3. Which of the following statements is CORRECT?
a. Assume that two bonds have equal maturities and are of equal risk, but one bond sells at par while the other sells at a premium above par. The premium bond must have a lower current yield and a higher capital gains yield than the par bond.
b. A bond’s current yield must always be either equal to its yield to maturity or between its yield to maturity and its coupon rate.
c. If a bond sells at par, then its current yield will be less than its yield to maturity.
d. If a bond sells for less than par, then its yield to maturity is less than its coupon rate.
e. A discount bond’s price declines each year until it matures, when its value equals its par value.

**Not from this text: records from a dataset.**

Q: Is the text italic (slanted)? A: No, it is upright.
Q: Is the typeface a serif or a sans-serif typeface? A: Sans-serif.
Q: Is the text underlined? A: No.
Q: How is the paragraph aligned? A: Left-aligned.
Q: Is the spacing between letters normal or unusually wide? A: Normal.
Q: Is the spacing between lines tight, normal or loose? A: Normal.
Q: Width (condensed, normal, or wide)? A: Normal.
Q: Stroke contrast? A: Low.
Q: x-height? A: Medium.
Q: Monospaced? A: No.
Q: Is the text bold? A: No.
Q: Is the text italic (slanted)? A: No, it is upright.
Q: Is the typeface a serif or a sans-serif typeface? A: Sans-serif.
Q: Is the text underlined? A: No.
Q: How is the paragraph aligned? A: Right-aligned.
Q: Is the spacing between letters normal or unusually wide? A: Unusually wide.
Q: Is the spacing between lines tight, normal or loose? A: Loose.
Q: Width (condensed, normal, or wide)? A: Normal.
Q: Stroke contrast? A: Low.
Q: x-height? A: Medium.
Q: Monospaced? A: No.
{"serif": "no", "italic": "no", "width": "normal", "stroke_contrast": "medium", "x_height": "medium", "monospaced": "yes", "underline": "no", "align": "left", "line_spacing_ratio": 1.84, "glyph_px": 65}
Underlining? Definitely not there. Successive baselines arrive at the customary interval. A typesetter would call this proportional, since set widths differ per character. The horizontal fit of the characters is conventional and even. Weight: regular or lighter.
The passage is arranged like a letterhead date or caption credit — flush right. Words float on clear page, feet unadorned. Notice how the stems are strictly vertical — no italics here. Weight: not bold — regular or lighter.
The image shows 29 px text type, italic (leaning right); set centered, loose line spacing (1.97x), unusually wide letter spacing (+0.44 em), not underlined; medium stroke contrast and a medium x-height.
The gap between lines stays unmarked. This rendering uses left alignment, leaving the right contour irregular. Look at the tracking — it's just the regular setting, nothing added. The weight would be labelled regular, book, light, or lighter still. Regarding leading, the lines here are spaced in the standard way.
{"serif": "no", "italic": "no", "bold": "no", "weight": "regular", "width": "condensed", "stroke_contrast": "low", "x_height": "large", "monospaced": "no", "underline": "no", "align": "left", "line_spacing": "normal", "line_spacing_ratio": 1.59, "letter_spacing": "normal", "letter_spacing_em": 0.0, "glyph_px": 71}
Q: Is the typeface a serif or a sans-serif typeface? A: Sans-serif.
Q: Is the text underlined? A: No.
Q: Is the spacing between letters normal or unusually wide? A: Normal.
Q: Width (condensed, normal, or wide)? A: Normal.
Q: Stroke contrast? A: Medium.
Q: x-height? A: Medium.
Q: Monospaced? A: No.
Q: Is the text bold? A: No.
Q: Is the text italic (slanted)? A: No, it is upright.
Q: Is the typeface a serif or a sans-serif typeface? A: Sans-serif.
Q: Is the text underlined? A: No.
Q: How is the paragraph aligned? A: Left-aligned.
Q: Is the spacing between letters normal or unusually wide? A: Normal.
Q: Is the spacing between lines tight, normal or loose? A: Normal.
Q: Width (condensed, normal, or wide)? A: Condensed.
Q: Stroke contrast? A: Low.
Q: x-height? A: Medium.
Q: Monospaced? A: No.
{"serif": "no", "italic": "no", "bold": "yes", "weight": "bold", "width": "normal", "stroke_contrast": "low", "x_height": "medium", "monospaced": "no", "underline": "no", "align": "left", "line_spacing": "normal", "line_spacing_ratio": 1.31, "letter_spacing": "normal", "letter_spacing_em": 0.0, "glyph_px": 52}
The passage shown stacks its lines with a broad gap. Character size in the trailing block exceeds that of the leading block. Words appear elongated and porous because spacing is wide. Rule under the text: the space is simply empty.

2. Which of the following statements is CORRECT?
a. Two bonds have the same maturity and the same coupon rate. However, one is callable and the other is not. The difference in prices between the bonds will be greater if the current market interest rate is below the coupon rate than if it is above the coupon rate.
b. A callable 10-year, 10% bond should sell at a higher price than an otherwise similar noncallable bond.
c. Corporate treasurers dislike issuing callable bonds because these bonds may require the company to raise additional funds earlier than would be true if noncallable bonds with the same maturity were used.
d. Two bonds have the same maturity and the same coupon rate. However, one is callable and the other is not. The difference in prices between the bonds will be greater if the current market interest rate is above the coupon rate than if it is below the coupon rate.
e. The actual life of a callable bond will always be equal to or less than the actual life of a noncallable bond with the same maturity. Therefore, if the yield curve is upward sloping, the required rate of return will be lower on the callable bond.